### Required action
Reproduce exactly the span of lines that opens with the line containing "#177=CIRCLE('',#176,0.95);" and closes with the last line of the entries below.

### Data in this exercise
********************
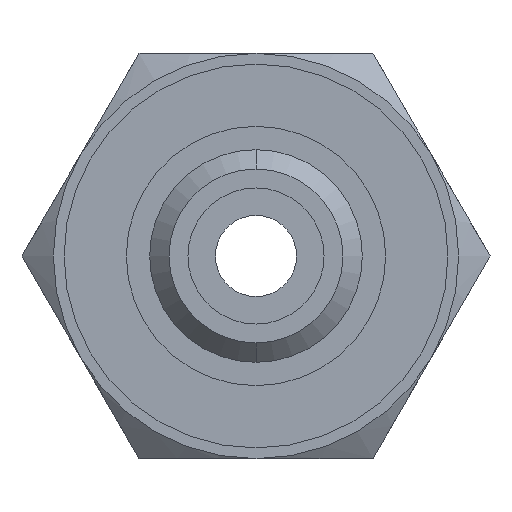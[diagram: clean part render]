
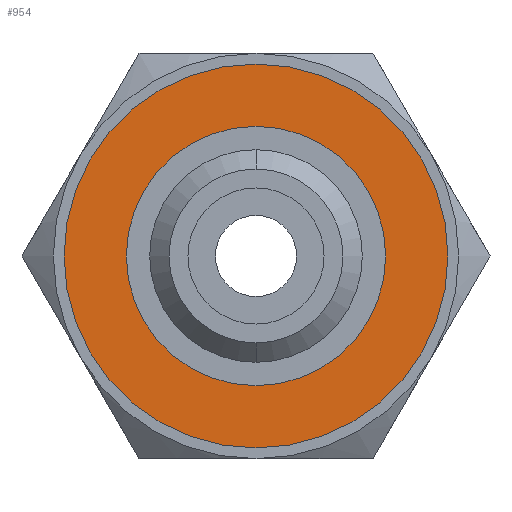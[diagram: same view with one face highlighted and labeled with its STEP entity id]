
A CAD part, front view. The second image highlights one B-rep face of the part: STEP entity #954.
In plain terms, the highlighted planar face has unit normal (0, -1, 0).
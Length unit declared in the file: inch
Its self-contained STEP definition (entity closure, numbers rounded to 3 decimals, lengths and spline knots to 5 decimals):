
#130 = VERTEX_POINT ( 'NONE', #2553 ) ;
#132 = EDGE_CURVE ( 'NONE', #130, #133, #2552, .T. ) ;
#133 = VERTEX_POINT ( 'NONE', #2547 ) ;
#215 = VERTEX_POINT ( 'NONE', #2643 ) ;
#217 = EDGE_CURVE ( 'NONE', #215, #218, #2642, .T. ) ;
#218 = VERTEX_POINT ( 'NONE', #2637 ) ;
#821 = ORIENTED_EDGE ( 'NONE', *, *, #132, .F. ) ;
#822 = EDGE_LOOP ( 'NONE', ( #823, #825 ) ) ;
#823 = ORIENTED_EDGE ( 'NONE', *, *, #824, .F. ) ;
#824 = EDGE_CURVE ( 'NONE', #218, #215, #3074, .T. ) ;
#825 = ORIENTED_EDGE ( 'NONE', *, *, #217, .F. ) ;
#929 = EDGE_LOOP ( 'NONE', ( #930, #821 ) ) ;
#930 = ORIENTED_EDGE ( 'NONE', *, *, #931, .F. ) ;
#931 = EDGE_CURVE ( 'NONE', #133, #130, #3956, .T. ) ;
#954 = ADVANCED_FACE ( 'NONE', ( #4045, #4044 ), #4043, .F. ) ;
#2547 = CARTESIAN_POINT ( 'NONE',  ( 0., 0., -0.296 ) ) ;
#2548 = DIRECTION ( 'NONE',  ( 0., 0., 1. ) ) ;
#2549 = DIRECTION ( 'NONE',  ( 0., 1., 0. ) ) ;
#2550 = CARTESIAN_POINT ( 'NONE',  ( 0., 0., 0. ) ) ;
#2551 = AXIS2_PLACEMENT_3D ( 'NONE', #2550, #2549, #2548 ) ;
#2552 = CIRCLE ( 'NONE', #2551, 0.296 ) ;
#2553 = CARTESIAN_POINT ( 'NONE',  ( 0., 0., 0.296 ) ) ;
#2637 = CARTESIAN_POINT ( 'NONE',  ( 0., 0., 0.2 ) ) ;
#2638 = DIRECTION ( 'NONE',  ( 0., 0., 1. ) ) ;
#2639 = DIRECTION ( 'NONE',  ( 0., -1., 0. ) ) ;
#2640 = CARTESIAN_POINT ( 'NONE',  ( 0., 0., 0. ) ) ;
#2641 = AXIS2_PLACEMENT_3D ( 'NONE', #2640, #2639, #2638 ) ;
#2642 = CIRCLE ( 'NONE', #2641, 0.2 ) ;
#2643 = CARTESIAN_POINT ( 'NONE',  ( 0., 0., -0.2 ) ) ;
#3067 = DIRECTION ( 'NONE',  ( 0., -1., 0. ) ) ;
#3068 = CARTESIAN_POINT ( 'NONE',  ( 0., 0., 0. ) ) ;
#3069 = AXIS2_PLACEMENT_3D ( 'NONE', #3068, #3067, #3247 ) ;
#3074 = CIRCLE ( 'NONE', #3069, 0.2 ) ;
#3247 = DIRECTION ( 'NONE',  ( 0., 0., 1. ) ) ;
#3953 = DIRECTION ( 'NONE',  ( 0., 0., 1. ) ) ;
#3954 = DIRECTION ( 'NONE',  ( 0., 1., 0. ) ) ;
#3955 = AXIS2_PLACEMENT_3D ( 'NONE', #3960, #3954, #3953 ) ;
#3956 = CIRCLE ( 'NONE', #3955, 0.296 ) ;
#3960 = CARTESIAN_POINT ( 'NONE',  ( 0., 0., 0. ) ) ;
#4039 = DIRECTION ( 'NONE',  ( 0., 0., 1. ) ) ;
#4040 = DIRECTION ( 'NONE',  ( 0., 1., 0. ) ) ;
#4041 = CARTESIAN_POINT ( 'NONE',  ( 0., 0., 0. ) ) ;
#4042 = AXIS2_PLACEMENT_3D ( 'NONE', #4041, #4040, #4039 ) ;
#4043 = PLANE ( 'NONE',  #4042 ) ;
#4044 = FACE_BOUND ( 'NONE', #822, .T. ) ;
#4045 = FACE_OUTER_BOUND ( 'NONE', #929, .T. ) ;
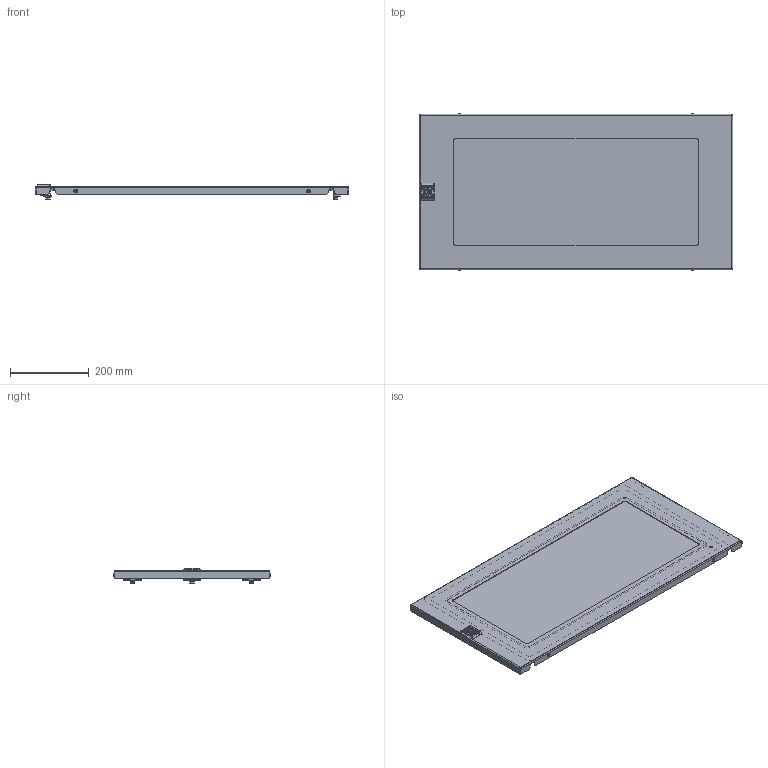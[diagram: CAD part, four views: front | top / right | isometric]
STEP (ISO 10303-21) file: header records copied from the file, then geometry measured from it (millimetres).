
FILE_DESCRIPTION (( 'STEP AP203' ), '1' );
FILE_NAME ('R5CPMTE8400.00 (1).step', '2013-11-13T05:53:12', ( 'User' ), ( 'DKC' ), 'SwSTEP 2.0', 'SolidWorks 2012', '' );
FILE_SCHEMA (( 'CONFIG_CONTROL_DESIGN' ));
Length unit declared in the file: millimetre
Products named in the file (25): A5100167; AC00C265; A0200018; AC00C579; AC00C112; Guarnizione CPME_Guarnizione CPME 800x400; QE02T264G; AC00C266; AC00C061_AC00C061; A5100043_A5100043; QE02C264_Piegato; R5CPMTE8400.00 (1); 0200001352_CPMTE 800x400; QB02C517; A3300002; AC00C344_AC00C344; AC00C234; BOX06; A0200057; AC00C235; AC00C356_AC00c356(A7100031); AC00C348_�� 㬮�砭��; A7100032_A7100032; AC00C443; AC00C503
Assembly tree (33 placements, depth 3):
  R5CPMTE8400.00 (1)
    QE02T264G
      QE02C264_Piegato
      A5100043_A5100043
      AC00C061_AC00C061
      AC00C266  x2
    Guarnizione CPME_Guarnizione CPME 800x400
    AC00C112  x4
    AC00C579  x2
    A0200018  x2
    AC00C265  x2
    A5100167  x2
    BOX06
      AC00C503
      AC00C443
      A7100032_A7100032
      AC00C348_�� 㬮�砭��
      AC00C356_AC00c356(A7100031)
      AC00C235
      A0200057
    AC00C234
    A0200057
    AC00C344_AC00C344
    A3300002
    QB02C517
    0200001352_CPMTE 800x400
Bounding box: 794 x 396 x 39.92 mm (x, y, z)
Volume: 1427449.8 mm3; surface area: 953119.8 mm2
Topology: 33 solids, 33 shells, 1433 faces, 3538 edges, 2201 vertices
Faces by surface type: plane 591, cylinder 451, cone 175, bspline 136, torus 72, sphere 8
Entity records: 36416 total; most frequent: CARTESIAN_POINT 7891, ORIENTED_EDGE 5408, DIRECTION 5223, EDGE_CURVE 2704, AXIS2_PLACEMENT_3D 1843, VERTEX_POINT 1699, LINE 1537, VECTOR 1537
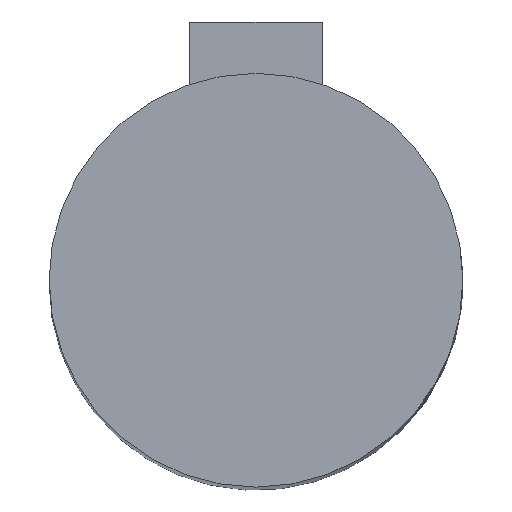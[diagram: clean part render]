
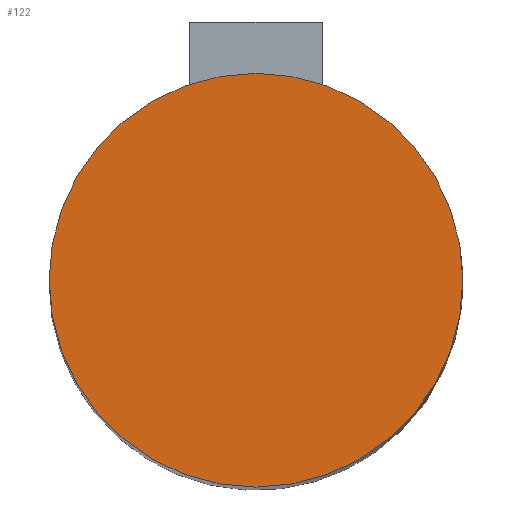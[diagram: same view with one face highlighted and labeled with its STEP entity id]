
A CAD part, top view. The second image highlights one B-rep face of the part: STEP entity #122.
In plain terms, the highlighted planar face has unit normal (0, 0, 1).
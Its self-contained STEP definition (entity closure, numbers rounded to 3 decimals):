
#17=CIRCLE('',#144,12.5);
#25=FACE_OUTER_BOUND('',#32,.T.);
#32=EDGE_LOOP('',(#105));
#64=VERTEX_POINT('',#209);
#77=EDGE_CURVE('',#64,#64,#17,.T.);
#105=ORIENTED_EDGE('',*,*,#77,.T.);
#115=PLANE('',#147);
#122=ADVANCED_FACE('',(#25),#115,.T.);
#144=AXIS2_PLACEMENT_3D('',#210,#173,#174);
#147=AXIS2_PLACEMENT_3D('',#215,#180,#181);
#173=DIRECTION('center_axis',(0.,0.,1.));
#174=DIRECTION('ref_axis',(1.,0.,0.));
#180=DIRECTION('center_axis',(0.,0.,1.));
#181=DIRECTION('ref_axis',(1.,0.,0.));
#209=CARTESIAN_POINT('',(-12.5,0.,110.));
#210=CARTESIAN_POINT('Origin',(0.,0.,110.));
#215=CARTESIAN_POINT('Origin',(0.,0.,110.));
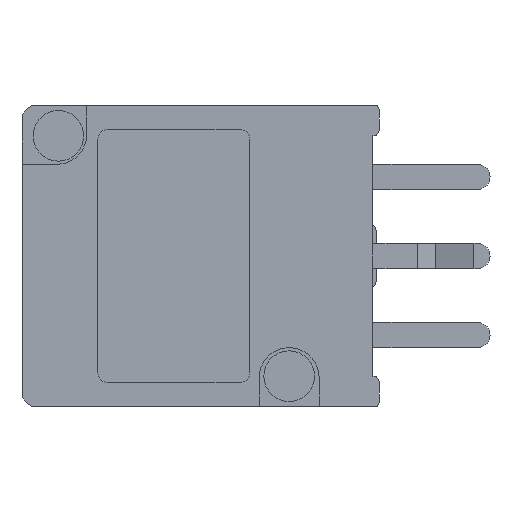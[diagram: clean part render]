
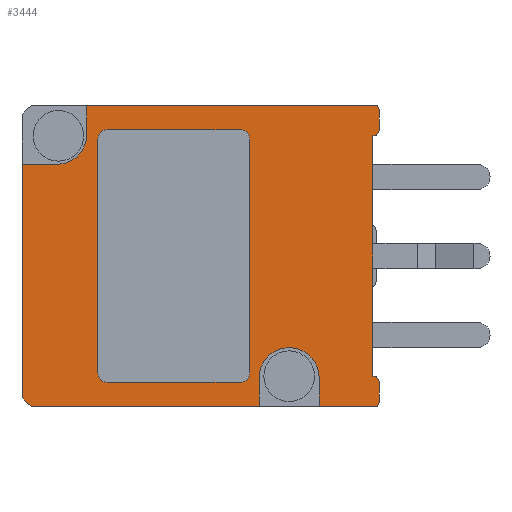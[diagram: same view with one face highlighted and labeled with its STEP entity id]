
A CAD part, left-side view. The second image highlights one B-rep face of the part: STEP entity #3444.
In plain terms, the highlighted planar face has unit normal (-1, 0, 0).
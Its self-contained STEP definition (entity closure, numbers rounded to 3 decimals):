
#121=CARTESIAN_POINT('',(0.,2.1,-3.7));
#122=DIRECTION('',(-1.,0.,0.));
#123=DIRECTION('',(0.,1.,0.));
#124=AXIS2_PLACEMENT_3D('',#121,#122,#123);
#126=DIRECTION('',(0.,-1.,0.));
#127=VECTOR('',#126,4.2);
#128=CARTESIAN_POINT('',(0.,2.1,-4.));
#129=LINE('',#128,#127);
#130=CARTESIAN_POINT('',(0.,-2.1,-3.7));
#131=DIRECTION('',(-1.,0.,0.));
#132=DIRECTION('',(0.,0.,-1.));
#133=AXIS2_PLACEMENT_3D('',#130,#131,#132);
#135=DIRECTION('',(0.,0.,1.));
#136=VECTOR('',#135,7.4);
#137=CARTESIAN_POINT('',(0.,-2.4,-3.7));
#138=LINE('',#137,#136);
#139=CARTESIAN_POINT('',(0.,-2.1,3.7));
#140=DIRECTION('',(-1.,0.,0.));
#141=DIRECTION('',(0.,-1.,0.));
#142=AXIS2_PLACEMENT_3D('',#139,#140,#141);
#144=DIRECTION('',(0.,1.,0.));
#145=VECTOR('',#144,4.2);
#146=CARTESIAN_POINT('',(0.,-2.1,4.));
#147=LINE('',#146,#145);
#148=CARTESIAN_POINT('',(0.,2.1,3.7));
#149=DIRECTION('',(-1.,0.,0.));
#150=DIRECTION('',(0.,0.,1.));
#151=AXIS2_PLACEMENT_3D('',#148,#149,#150);
#153=DIRECTION('',(0.,0.,-1.));
#154=VECTOR('',#153,7.4);
#155=CARTESIAN_POINT('',(0.,2.4,3.7));
#156=LINE('',#155,#154);
#157=DIRECTION('',(0.,1.,0.));
#158=VECTOR('',#157,9.182);
#159=CARTESIAN_POINT('',(0.,-6.432,4.75));
#160=LINE('',#159,#158);
#161=DIRECTION('',(0.,0.,-1.));
#162=VECTOR('',#161,7.6);
#163=CARTESIAN_POINT('',(0.,-6.3,3.8));
#164=LINE('',#163,#162);
#165=DIRECTION('',(0.,1.,0.));
#166=VECTOR('',#165,1.832);
#167=CARTESIAN_POINT('',(0.,-6.432,-4.75));
#168=LINE('',#167,#166);
#169=DIRECTION('',(0.,0.,1.));
#170=VECTOR('',#169,0.9);
#171=CARTESIAN_POINT('',(0.,-4.6,-4.75));
#172=LINE('',#171,#170);
#173=CARTESIAN_POINT('',(0.,-3.65,-3.85));
#174=DIRECTION('',(-1.,0.,0.));
#175=DIRECTION('',(0.,-1.,0.));
#176=AXIS2_PLACEMENT_3D('',#173,#174,#175);
#178=DIRECTION('',(0.,0.,1.));
#179=VECTOR('',#178,0.9);
#180=CARTESIAN_POINT('',(0.,-2.7,-4.75));
#181=LINE('',#180,#179);
#182=DIRECTION('',(0.,1.,0.));
#183=VECTOR('',#182,7.19);
#184=CARTESIAN_POINT('',(0.,-2.7,-4.75));
#185=LINE('',#184,#183);
#186=CARTESIAN_POINT('',(0.,4.25,-4.2));
#187=DIRECTION('',(1.,0.,0.));
#188=DIRECTION('',(0.,0.4,-0.917));
#189=AXIS2_PLACEMENT_3D('',#186,#187,#188);
#191=DIRECTION('',(0.,0.,-1.));
#192=VECTOR('',#191,7.34);
#193=CARTESIAN_POINT('',(0.,4.8,2.9));
#194=LINE('',#193,#192);
#195=DIRECTION('',(0.,-1.,0.));
#196=VECTOR('',#195,1.1);
#197=CARTESIAN_POINT('',(0.,4.8,2.9));
#198=LINE('',#197,#196);
#199=CARTESIAN_POINT('',(0.,3.7,3.85));
#200=DIRECTION('',(-1.,0.,0.));
#201=DIRECTION('',(0.,0.,-1.));
#202=AXIS2_PLACEMENT_3D('',#199,#200,#201);
#204=DIRECTION('',(0.,0.,-1.));
#205=VECTOR('',#204,0.9);
#206=CARTESIAN_POINT('',(0.,2.75,4.75));
#207=LINE('',#206,#205);
#289=CARTESIAN_POINT('',(0.,-6.3,4.6));
#290=DIRECTION('',(-1.,0.,0.));
#291=DIRECTION('',(0.,-1.,0.));
#292=AXIS2_PLACEMENT_3D('',#289,#290,#291);
#2032=CARTESIAN_POINT('',(0.,-6.3,-4.6));
#2033=DIRECTION('',(-1.,0.,0.));
#2034=DIRECTION('',(0.,-0.661,-0.75));
#2035=AXIS2_PLACEMENT_3D('',#2032,#2033,#2034);
#2054=DIRECTION('',(0.,0.,-1.));
#2055=VECTOR('',#2054,0.6);
#2056=CARTESIAN_POINT('',(0.,-6.5,4.6));
#2057=LINE('',#2056,#2055);
#2066=DIRECTION('',(0.,0.,-1.));
#2067=VECTOR('',#2066,0.6);
#2068=CARTESIAN_POINT('',(0.,-6.5,-4.));
#2069=LINE('',#2068,#2067);
#2105=CARTESIAN_POINT('',(0.,-6.3,4.));
#2106=DIRECTION('',(-1.,0.,0.));
#2107=DIRECTION('',(0.,0.,-1.));
#2108=AXIS2_PLACEMENT_3D('',#2105,#2106,#2107);
#2114=CARTESIAN_POINT('',(0.,-6.3,-4.));
#2115=DIRECTION('',(-1.,0.,0.));
#2116=DIRECTION('',(0.,-1.,0.));
#2117=AXIS2_PLACEMENT_3D('',#2114,#2115,#2116);
#2872=CARTESIAN_POINT('',(0.,-6.3,3.8));
#2873=VERTEX_POINT('',#2872);
#2874=CARTESIAN_POINT('',(0.,-6.5,4.));
#2875=VERTEX_POINT('',#2874);
#2877=CARTESIAN_POINT('',(0.,-6.5,4.6));
#2879=VERTEX_POINT('',#2877);
#2880=CARTESIAN_POINT('',(0.,-6.5,-4.));
#2881=CARTESIAN_POINT('',(0.,-6.3,-3.8));
#2882=VERTEX_POINT('',#2880);
#2883=VERTEX_POINT('',#2881);
#2888=CARTESIAN_POINT('',(0.,-6.5,-4.6));
#2890=VERTEX_POINT('',#2888);
#2936=CARTESIAN_POINT('',(0.,3.7,2.9));
#2937=CARTESIAN_POINT('',(0.,2.75,3.85));
#2938=VERTEX_POINT('',#2936);
#2939=VERTEX_POINT('',#2937);
#2940=CARTESIAN_POINT('',(0.,-4.6,-3.85));
#2941=CARTESIAN_POINT('',(0.,-2.7,-3.85));
#2942=VERTEX_POINT('',#2940);
#2943=VERTEX_POINT('',#2941);
#2992=CARTESIAN_POINT('',(0.,2.4,-3.7));
#2993=CARTESIAN_POINT('',(0.,2.1,-4.));
#2994=VERTEX_POINT('',#2992);
#2995=VERTEX_POINT('',#2993);
#2996=CARTESIAN_POINT('',(0.,-2.1,-4.));
#2997=VERTEX_POINT('',#2996);
#2998=CARTESIAN_POINT('',(0.,-2.4,-3.7));
#2999=VERTEX_POINT('',#2998);
#3000=CARTESIAN_POINT('',(0.,-2.4,3.7));
#3001=VERTEX_POINT('',#3000);
#3002=CARTESIAN_POINT('',(0.,-2.1,4.));
#3003=VERTEX_POINT('',#3002);
#3004=CARTESIAN_POINT('',(0.,2.1,4.));
#3005=VERTEX_POINT('',#3004);
#3006=CARTESIAN_POINT('',(0.,2.4,3.7));
#3007=VERTEX_POINT('',#3006);
#3100=CARTESIAN_POINT('',(0.,-6.432,4.75));
#3101=CARTESIAN_POINT('',(0.,2.75,4.75));
#3102=VERTEX_POINT('',#3100);
#3103=VERTEX_POINT('',#3101);
#3104=CARTESIAN_POINT('',(0.,4.8,2.9));
#3105=CARTESIAN_POINT('',(0.,4.8,-4.44));
#3106=VERTEX_POINT('',#3104);
#3107=VERTEX_POINT('',#3105);
#3108=CARTESIAN_POINT('',(0.,-6.432,-4.75));
#3109=CARTESIAN_POINT('',(0.,-4.6,-4.75));
#3110=VERTEX_POINT('',#3108);
#3111=VERTEX_POINT('',#3109);
#3112=CARTESIAN_POINT('',(0.,-2.7,-4.75));
#3113=CARTESIAN_POINT('',(0.,4.49,-4.75));
#3114=VERTEX_POINT('',#3112);
#3115=VERTEX_POINT('',#3113);
#3384=CARTESIAN_POINT('',(0.,0.,0.));
#3385=DIRECTION('',(1.,0.,0.));
#3386=DIRECTION('',(0.,-1.,0.));
#3387=AXIS2_PLACEMENT_3D('',#3384,#3385,#3386);
#3388=PLANE('',#3387);
#3389=ORIENTED_EDGE('',*,*,#3345,.F.);
#3391=ORIENTED_EDGE('',*,*,#3390,.F.);
#3393=ORIENTED_EDGE('',*,*,#3392,.T.);
#3395=ORIENTED_EDGE('',*,*,#3394,.F.);
#3397=ORIENTED_EDGE('',*,*,#3396,.T.);
#3399=ORIENTED_EDGE('',*,*,#3398,.F.);
#3401=ORIENTED_EDGE('',*,*,#3400,.T.);
#3403=ORIENTED_EDGE('',*,*,#3402,.F.);
#3405=ORIENTED_EDGE('',*,*,#3404,.T.);
#3407=ORIENTED_EDGE('',*,*,#3406,.T.);
#3409=ORIENTED_EDGE('',*,*,#3408,.T.);
#3411=ORIENTED_EDGE('',*,*,#3410,.F.);
#3413=ORIENTED_EDGE('',*,*,#3412,.T.);
#3415=ORIENTED_EDGE('',*,*,#3414,.T.);
#3417=ORIENTED_EDGE('',*,*,#3416,.F.);
#3419=ORIENTED_EDGE('',*,*,#3418,.T.);
#3421=ORIENTED_EDGE('',*,*,#3420,.T.);
#3423=ORIENTED_EDGE('',*,*,#3422,.F.);
#3424=EDGE_LOOP('',(#3389,#3391,#3393,#3395,#3397,#3399,#3401,#3403,#3405,#3407,
#3409,#3411,#3413,#3415,#3417,#3419,#3421,#3423));
#3425=FACE_OUTER_BOUND('',#3424,.F.);
#3427=ORIENTED_EDGE('',*,*,#3426,.T.);
#3429=ORIENTED_EDGE('',*,*,#3428,.T.);
#3431=ORIENTED_EDGE('',*,*,#3430,.T.);
#3433=ORIENTED_EDGE('',*,*,#3432,.T.);
#3435=ORIENTED_EDGE('',*,*,#3434,.T.);
#3437=ORIENTED_EDGE('',*,*,#3436,.T.);
#3439=ORIENTED_EDGE('',*,*,#3438,.T.);
#3441=ORIENTED_EDGE('',*,*,#3440,.T.);
#3442=EDGE_LOOP('',(#3427,#3429,#3431,#3433,#3435,#3437,#3439,#3441));
#3443=FACE_BOUND('',#3442,.F.);
#125=CIRCLE('',#124,0.3);
#134=CIRCLE('',#133,0.3);
#143=CIRCLE('',#142,0.3);
#152=CIRCLE('',#151,0.3);
#177=CIRCLE('',#176,0.95);
#190=CIRCLE('',#189,0.6);
#203=CIRCLE('',#202,0.95);
#293=CIRCLE('',#292,0.2);
#2036=CIRCLE('',#2035,0.2);
#2109=CIRCLE('',#2108,0.2);
#2118=CIRCLE('',#2117,0.2);
#3345=EDGE_CURVE('',#3102,#3103,#160,.T.);
#3390=EDGE_CURVE('',#2879,#3102,#293,.T.);
#3392=EDGE_CURVE('',#2879,#2875,#2057,.T.);
#3394=EDGE_CURVE('',#2873,#2875,#2109,.T.);
#3396=EDGE_CURVE('',#2873,#2883,#164,.T.);
#3398=EDGE_CURVE('',#2882,#2883,#2118,.T.);
#3400=EDGE_CURVE('',#2882,#2890,#2069,.T.);
#3402=EDGE_CURVE('',#3110,#2890,#2036,.T.);
#3404=EDGE_CURVE('',#3110,#3111,#168,.T.);
#3406=EDGE_CURVE('',#3111,#2942,#172,.T.);
#3408=EDGE_CURVE('',#2942,#2943,#177,.T.);
#3410=EDGE_CURVE('',#3114,#2943,#181,.T.);
#3412=EDGE_CURVE('',#3114,#3115,#185,.T.);
#3414=EDGE_CURVE('',#3115,#3107,#190,.T.);
#3416=EDGE_CURVE('',#3106,#3107,#194,.T.);
#3418=EDGE_CURVE('',#3106,#2938,#198,.T.);
#3420=EDGE_CURVE('',#2938,#2939,#203,.T.);
#3422=EDGE_CURVE('',#3103,#2939,#207,.T.);
#3426=EDGE_CURVE('',#2994,#2995,#125,.T.);
#3428=EDGE_CURVE('',#2995,#2997,#129,.T.);
#3430=EDGE_CURVE('',#2997,#2999,#134,.T.);
#3432=EDGE_CURVE('',#2999,#3001,#138,.T.);
#3434=EDGE_CURVE('',#3001,#3003,#143,.T.);
#3436=EDGE_CURVE('',#3003,#3005,#147,.T.);
#3438=EDGE_CURVE('',#3005,#3007,#152,.T.);
#3440=EDGE_CURVE('',#3007,#2994,#156,.T.);
#3444=ADVANCED_FACE('',(#3425,#3443),#3388,.F.);
********************
### Written answer
#177=CIRCLE('',#176,0.95);
#190=CIRCLE('',#189,0.6);
#203=CIRCLE('',#202,0.95);
#293=CIRCLE('',#292,0.2);
#2036=CIRCLE('',#2035,0.2);
#2109=CIRCLE('',#2108,0.2);
#2118=CIRCLE('',#2117,0.2);
#3345=EDGE_CURVE('',#3102,#3103,#160,.T.);
#3390=EDGE_CURVE('',#2879,#3102,#293,.T.);
#3392=EDGE_CURVE('',#2879,#2875,#2057,.T.);
#3394=EDGE_CURVE('',#2873,#2875,#2109,.T.);
#3396=EDGE_CURVE('',#2873,#2883,#164,.T.);
#3398=EDGE_CURVE('',#2882,#2883,#2118,.T.);
#3400=EDGE_CURVE('',#2882,#2890,#2069,.T.);
#3402=EDGE_CURVE('',#3110,#2890,#2036,.T.);
#3404=EDGE_CURVE('',#3110,#3111,#168,.T.);
#3406=EDGE_CURVE('',#3111,#2942,#172,.T.);
#3408=EDGE_CURVE('',#2942,#2943,#177,.T.);
#3410=EDGE_CURVE('',#3114,#2943,#181,.T.);
#3412=EDGE_CURVE('',#3114,#3115,#185,.T.);
#3414=EDGE_CURVE('',#3115,#3107,#190,.T.);
#3416=EDGE_CURVE('',#3106,#3107,#194,.T.);
#3418=EDGE_CURVE('',#3106,#2938,#198,.T.);
#3420=EDGE_CURVE('',#2938,#2939,#203,.T.);
#3422=EDGE_CURVE('',#3103,#2939,#207,.T.);
#3426=EDGE_CURVE('',#2994,#2995,#125,.T.);
#3428=EDGE_CURVE('',#2995,#2997,#129,.T.);
#3430=EDGE_CURVE('',#2997,#2999,#134,.T.);
#3432=EDGE_CURVE('',#2999,#3001,#138,.T.);
#3434=EDGE_CURVE('',#3001,#3003,#143,.T.);
#3436=EDGE_CURVE('',#3003,#3005,#147,.T.);
#3438=EDGE_CURVE('',#3005,#3007,#152,.T.);
#3440=EDGE_CURVE('',#3007,#2994,#156,.T.);
#3444=ADVANCED_FACE('',(#3425,#3443),#3388,.F.);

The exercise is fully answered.